I also work for the federal government. So I know that the work that your colleagues are not around anymore to do will ultimately have to get outsourced to Boeing, BO, Raytheon, etc and with all of the acquisition overhead and profits the contractors are building in, it ends up costing the taxpayers more to do the same work. More even than the differential of the salaries that your former colleagues are enjoying.
As to your summary, I would say that they are not lying at all. Everyone who is alive and doesn't have enough money to pay them off are leeching from the system.
It depends on what you do. As an example, legal contractors with law degrees/licenses make significantly less than their equivalents on the GS scale. They'd make more at a firm, but law firms don't really contract for the feds.
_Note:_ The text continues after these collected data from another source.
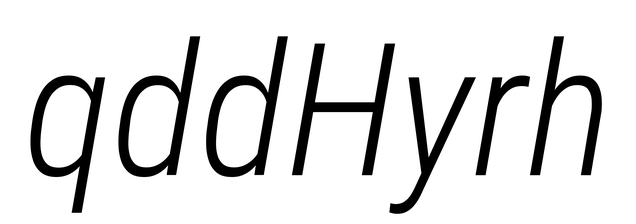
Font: Roboto-Italic_Condensed_Light_Italic
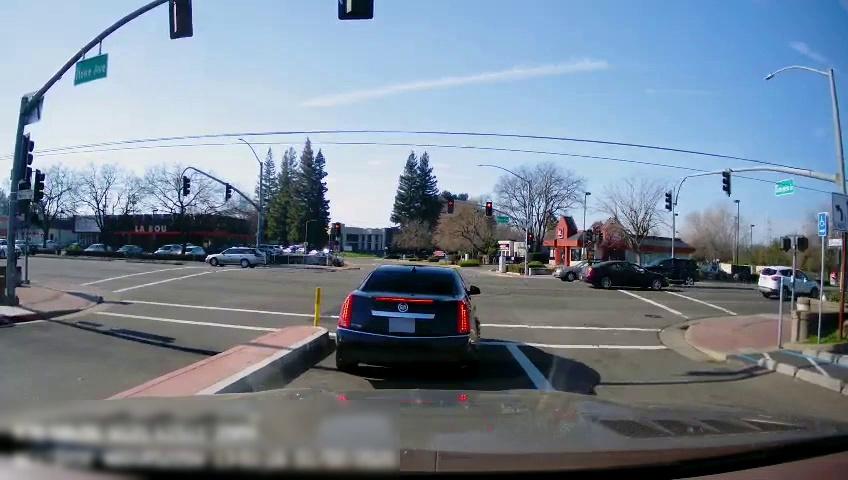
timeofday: Day
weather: Sunny
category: Drivable Space
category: Vehicles | SUV
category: Vehicles | Car
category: Vehicles | Car
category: Vehicles | Car
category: Vehicles | SUV
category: Vehicles | Car
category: Vehicles | Car
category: Vehicles | Car
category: Vehicles | Car
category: Vehicles | Car
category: Vehicles | Car
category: Lanes | Opposite Lane
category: Lanes | Current Lane
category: Traffic | Lights
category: Traffic | Lights
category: Traffic | Signs
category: Traffic | Lights
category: Traffic | Lights
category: Traffic | Signs
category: Traffic | Lights
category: Traffic | Lights
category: Traffic | Lights
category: Traffic | Lights
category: Traffic | Lights
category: Traffic | Lights
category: Traffic | Signs
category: Traffic | Lights
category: Traffic | Lights
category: Traffic | Lights
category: Traffic | Signs
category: Traffic | Lights
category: Traffic | Lights
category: Traffic | Signs
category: Traffic | Lights
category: Traffic | Lights
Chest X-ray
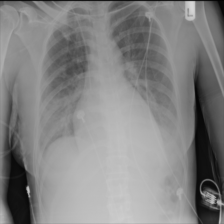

Federal employees will receive pay raises averaging 5.2 percent — more in some high-salary areas — under an order President Biden signed Thursday that delivers the biggest increase to U.S. government workers since the Carter administration.
It’s 0.6 percentage points higher than last year’s increase, which itself was the highest in two decades, and will take effect in the first full pay period of 2024, starting Jan. 14 for most federal employees.
Most lawmakers have already left Washington for the holidays, signaling the end of the legislative year and allowing Biden to finalize the pay hike with Thursday’s executive order.
The raise is split into two parts — 4.7 percent paid across the board, with the remainder varying according to the local salaries of comparable private-sector jobs.
Federal officials last year approved pay bumps for four new high-expense areas: Fresno-Madera-Hanford in California; Reno-Fernley in Nevada; Rochester-Batavia-Seneca Falls in New York; and Spokane-Spokane Valley-Coeur d’Alene in Washington and Idaho.
Biden has also taken several steps to stamp out — and more recently, prevent — a policy ordered by former president Donald Trump that could have enabled him to fire tens of thousands of federal workers and replace them with loyalists.
The original article contains 723 words, the summary contains 199 words. Saved 72%. I'm a bot and I'm open source!
Joe Biden finalized a 5.2% federal pay raise for many civilian employees for 2024. The highest in over two decades, with the second highest being last year's.
Wasn’t paywalled for me, but I didn’t care to read 10 paragraphs of the same thing so I just skimmed.
Found nothing historical in the article, closest was
The salary hike for the federal civilian workforce of close to 2.2 million people is the heftiest since a 9.1 percent average raise in 1980. It’s 0.6 percentage points higher than last year’s increase, which itself was the highest in two decades, and will take effect in the first full pay period of 2024, starting Jan. 14 for most federal employees.
So I guess it’s historically the second highest amount?
Year over year there's a 17%~ inflation since 2020. Has there been a 17%~ increase in salaries since 2020 as well? No? Then it's not good enough. Better than nothing, but that's still not good enough.
Yeah that’s precisely what I said. Great reading comprehension there. It’s not a raise if it doesn’t keep up with inflation. Workers deserve fair compensation, not crumbs.
If you’re on fire and someone pisses all over you, are you somehow supposed to be grateful? The rich are pissing all over us and expect crumbs to suffice.
Why are you not outraged that it’s such a pittance?